With the July 19 end of the United Kingdom's remaining lockdown restrictions fast approaching, Germany's chancellor, Angela Merkel, said British travelers who have had two COVID-19 vaccinations will be welcome in her country "in the foreseeable future".

Currently, Britons must spend two weeks in quarantine upon arriving in Germany, regardless of their vaccination status.

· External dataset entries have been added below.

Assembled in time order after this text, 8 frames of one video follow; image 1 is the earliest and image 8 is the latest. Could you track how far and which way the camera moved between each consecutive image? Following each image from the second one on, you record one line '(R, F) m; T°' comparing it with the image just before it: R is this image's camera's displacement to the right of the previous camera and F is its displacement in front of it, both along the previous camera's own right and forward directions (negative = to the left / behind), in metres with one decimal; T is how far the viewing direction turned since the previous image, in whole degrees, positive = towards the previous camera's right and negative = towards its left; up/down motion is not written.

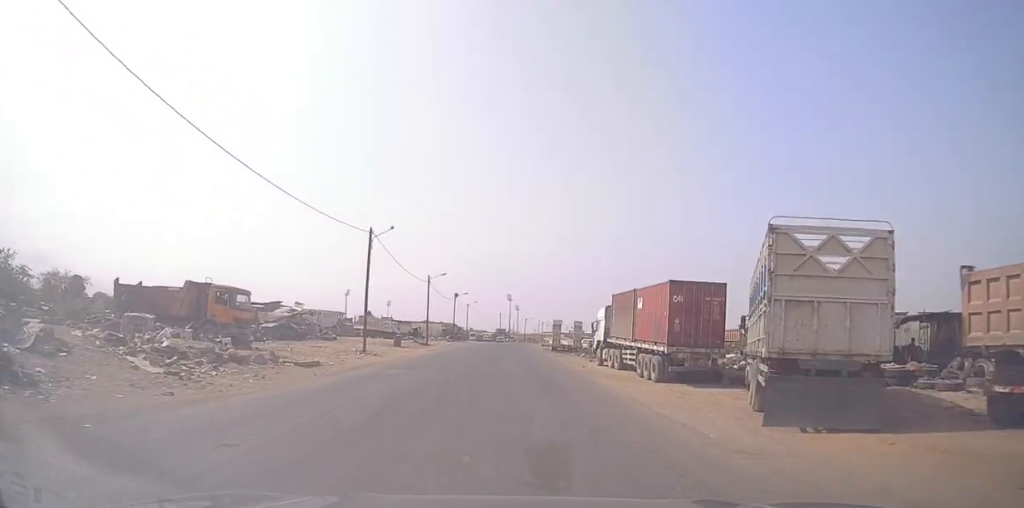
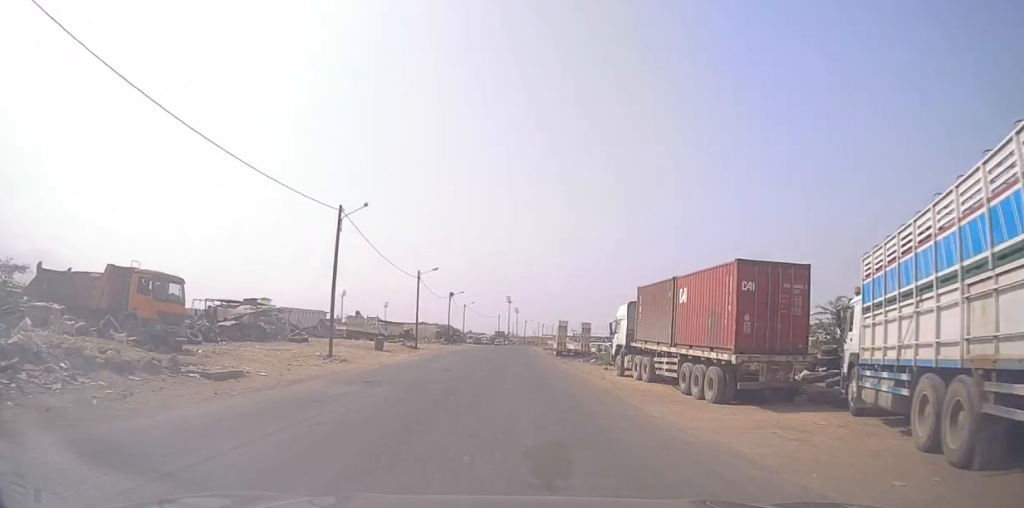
(-0.5, +7.2) m; 0°
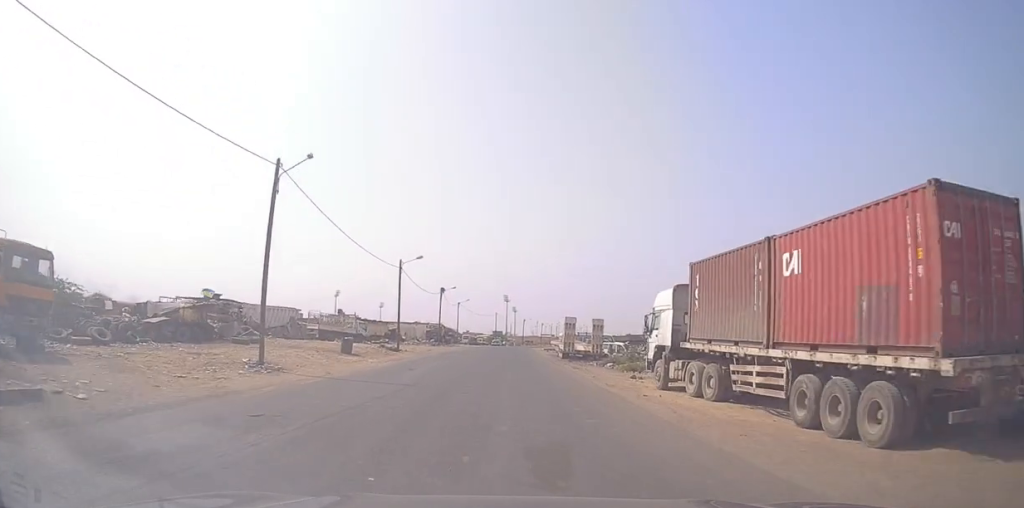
(+0.7, +8.8) m; +4°
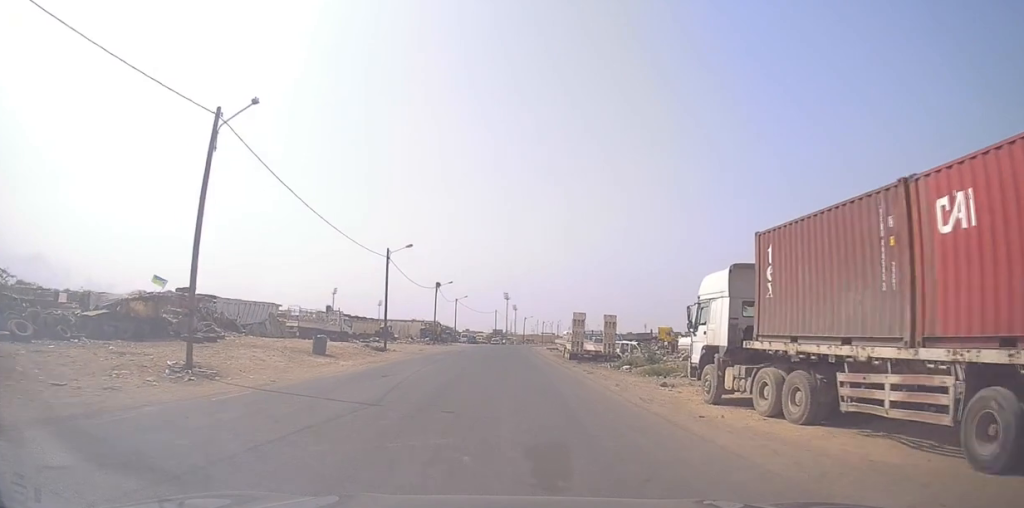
(+0.1, +5.6) m; +1°
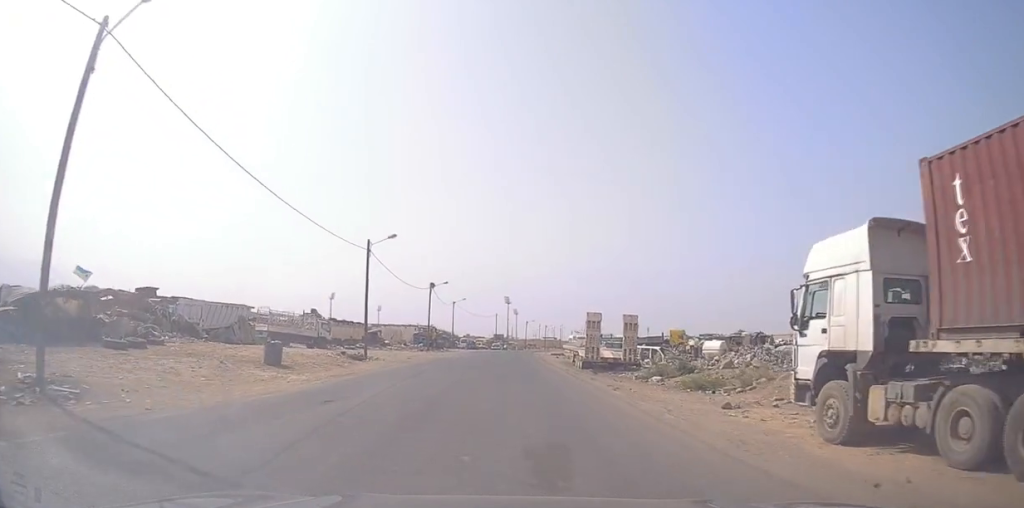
(+0.1, +6.8) m; -1°
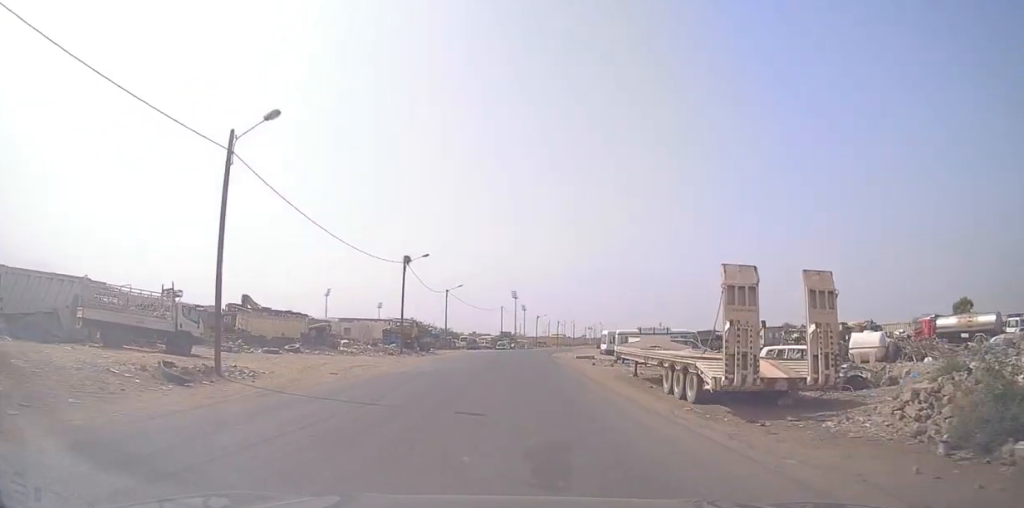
(-0.3, +21.5) m; -1°
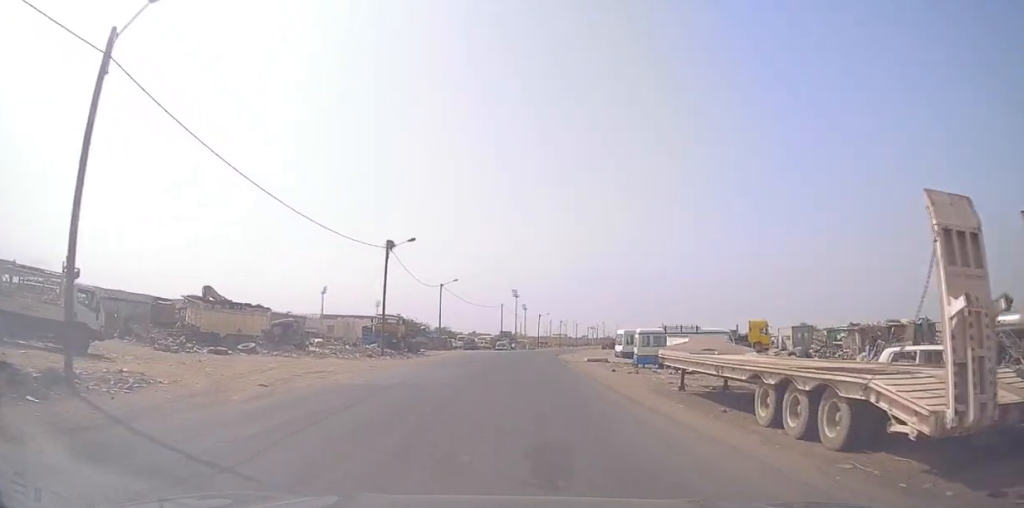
(0.0, +7.3) m; -1°
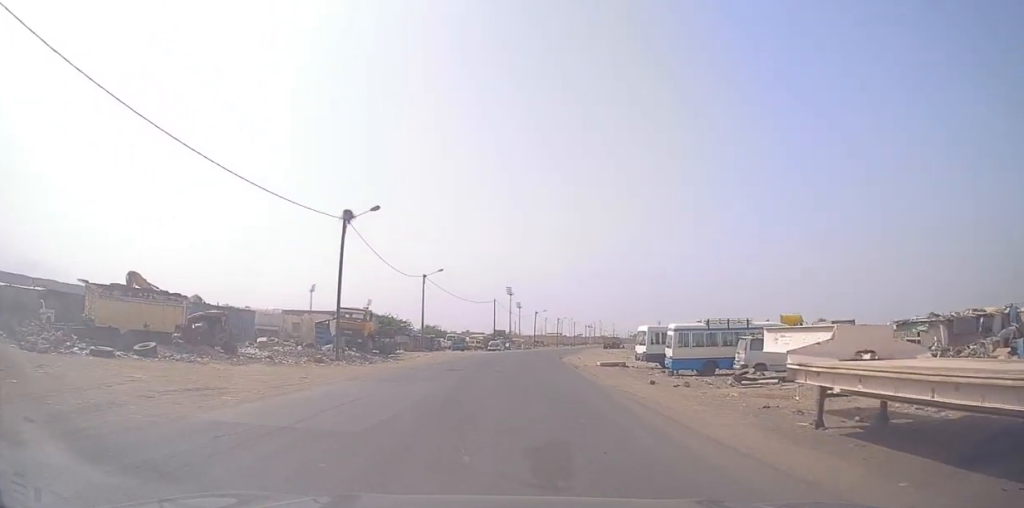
(-0.3, +9.7) m; -2°

But Merkel announced the relaxation during a news briefing following face-to-face talks with Prime Minister Boris Johnson in the UK on Friday.

"We are continually reviewing our travel restrictions," she said.

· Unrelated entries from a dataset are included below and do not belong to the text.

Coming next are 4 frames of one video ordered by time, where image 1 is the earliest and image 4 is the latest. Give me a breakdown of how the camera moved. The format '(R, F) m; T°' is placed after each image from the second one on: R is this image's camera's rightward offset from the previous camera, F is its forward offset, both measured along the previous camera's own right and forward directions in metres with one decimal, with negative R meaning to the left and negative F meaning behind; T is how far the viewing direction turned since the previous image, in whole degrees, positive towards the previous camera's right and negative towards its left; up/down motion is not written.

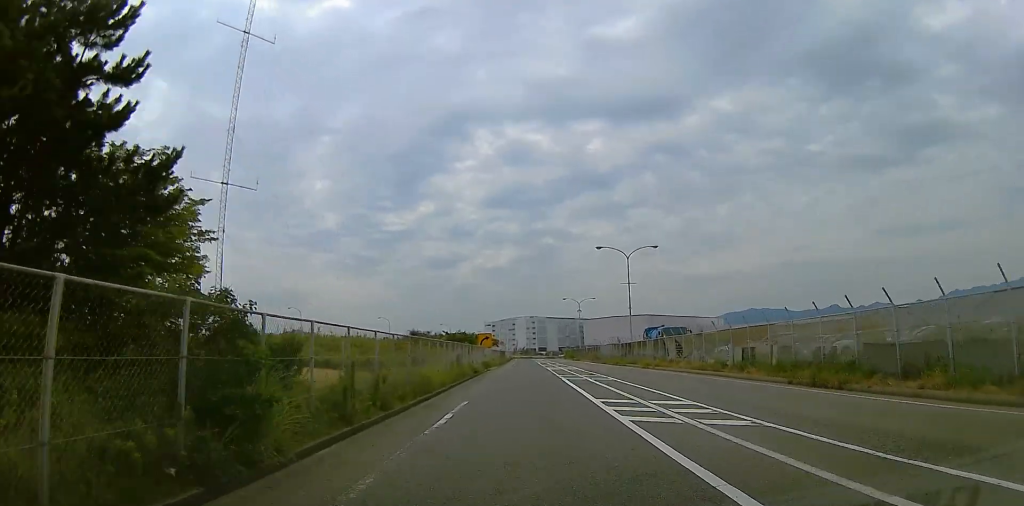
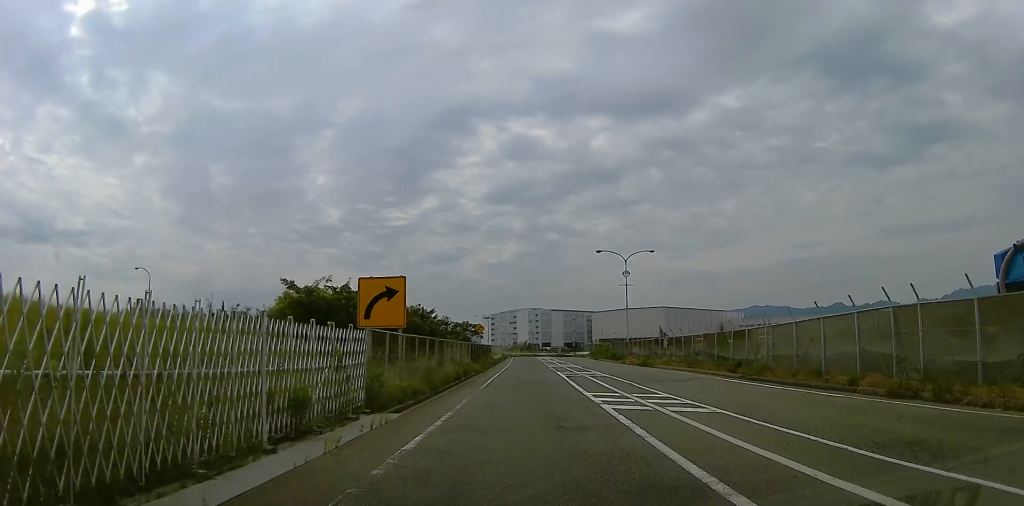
(-1.2, +47.4) m; -4°
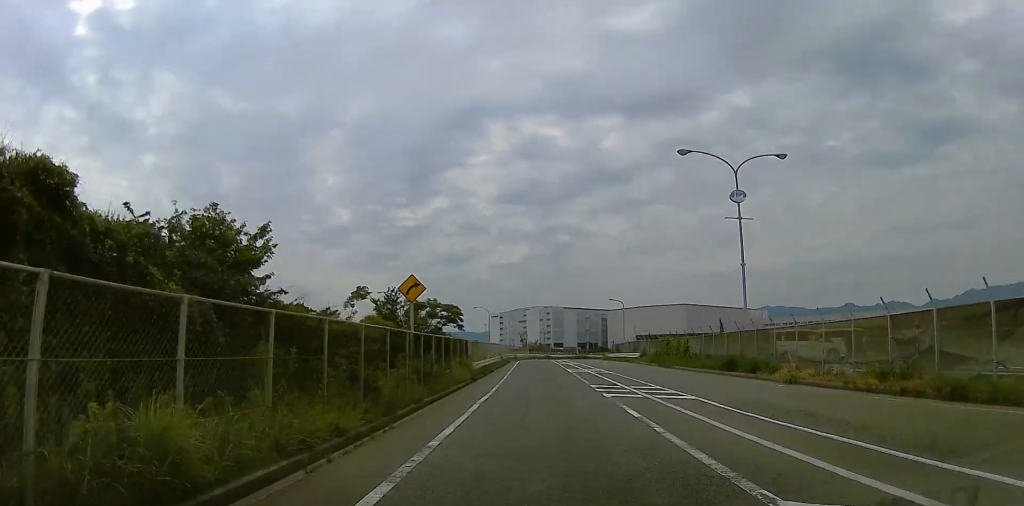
(+0.7, +29.7) m; +2°
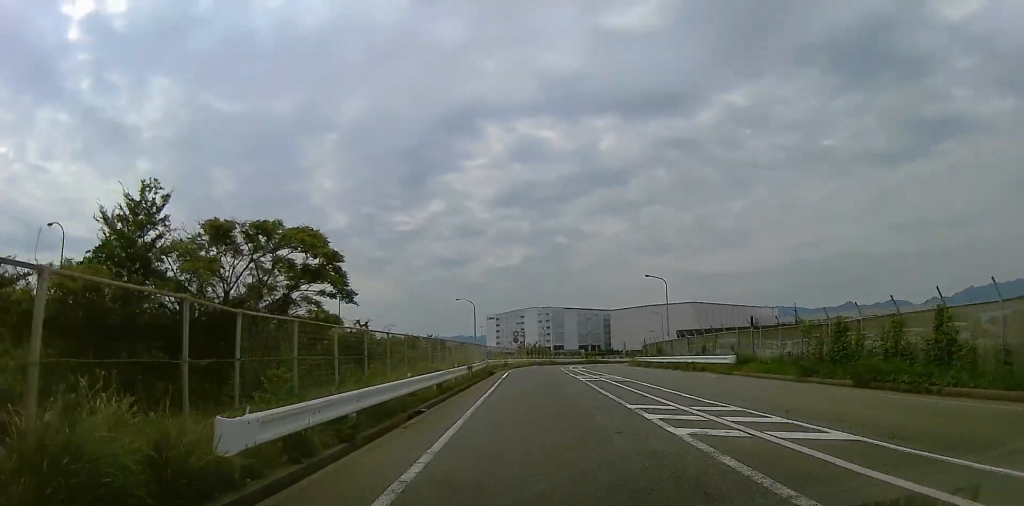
(-0.8, +25.0) m; -2°

Johnson told reporters: "It seems as if progress is being made."

Merkel and some other EU leaders had previously taken a hard line against arrivals from the UK, after expressing concern about the fast spread of the Delta variant of the novel coronavirus within the UK.

But Merkel said the variant is now spreading fast in Germany, so attempts to stop it at the border are unnecessary.

Sky News said she had been ready to declare the UK a "country of concern" a matter of days ago, before her change of heart and the change in circumstance.

"We have adopted certain protective measures when we were not as yet so familiar with the Delta variant," she said. "We now see that the share of those with the Delta variant in Germany is increasing very rapidly."

Johnson and Merkel also talked about the fact that the European Union's new travel passport initiative, which aims to make movement easier for people who have been double-jabbed, does not recognize an India-made version of the Oxford/AstraZeneca vaccination.

The BBC said as many as 5 million Britons may have been given that vaccination, leaving them potentially unable to take advantage of the travel passport.

But Johnson said the India-made vaccine is believed to offer exactly the same degree of protection as the British-made Oxford/AstraZeneca jab and to have only failed to qualify for the travel passport initiative because the company has not yet sought approval for it from the European Medicines Agency.

The UK is now sharing its data on the jab with the relevant European agencies, the Financial Times reported.

Additionally, the World Health Organization has approved the India-made version of the Oxford/AstraZeneca jab, opening the door for the EU to use that data as well.

ITV News added that Johnson and Merkel also discussed ongoing tension in Northern Ireland caused by the fact that all sides are trying to avoid a land border between the United Kingdom province and neighboring Republic of Ireland, which is an EU member.

The Evening Standard newspaper said the meeting between Johnson and Merkel marks the start of a new phase of British diplomacy, with London now keen to form close ties with individual EU members in the wake of the UK's exit from the bloc.

The nations now plan to hold annual joint Cabinet meetings and increase exchanges.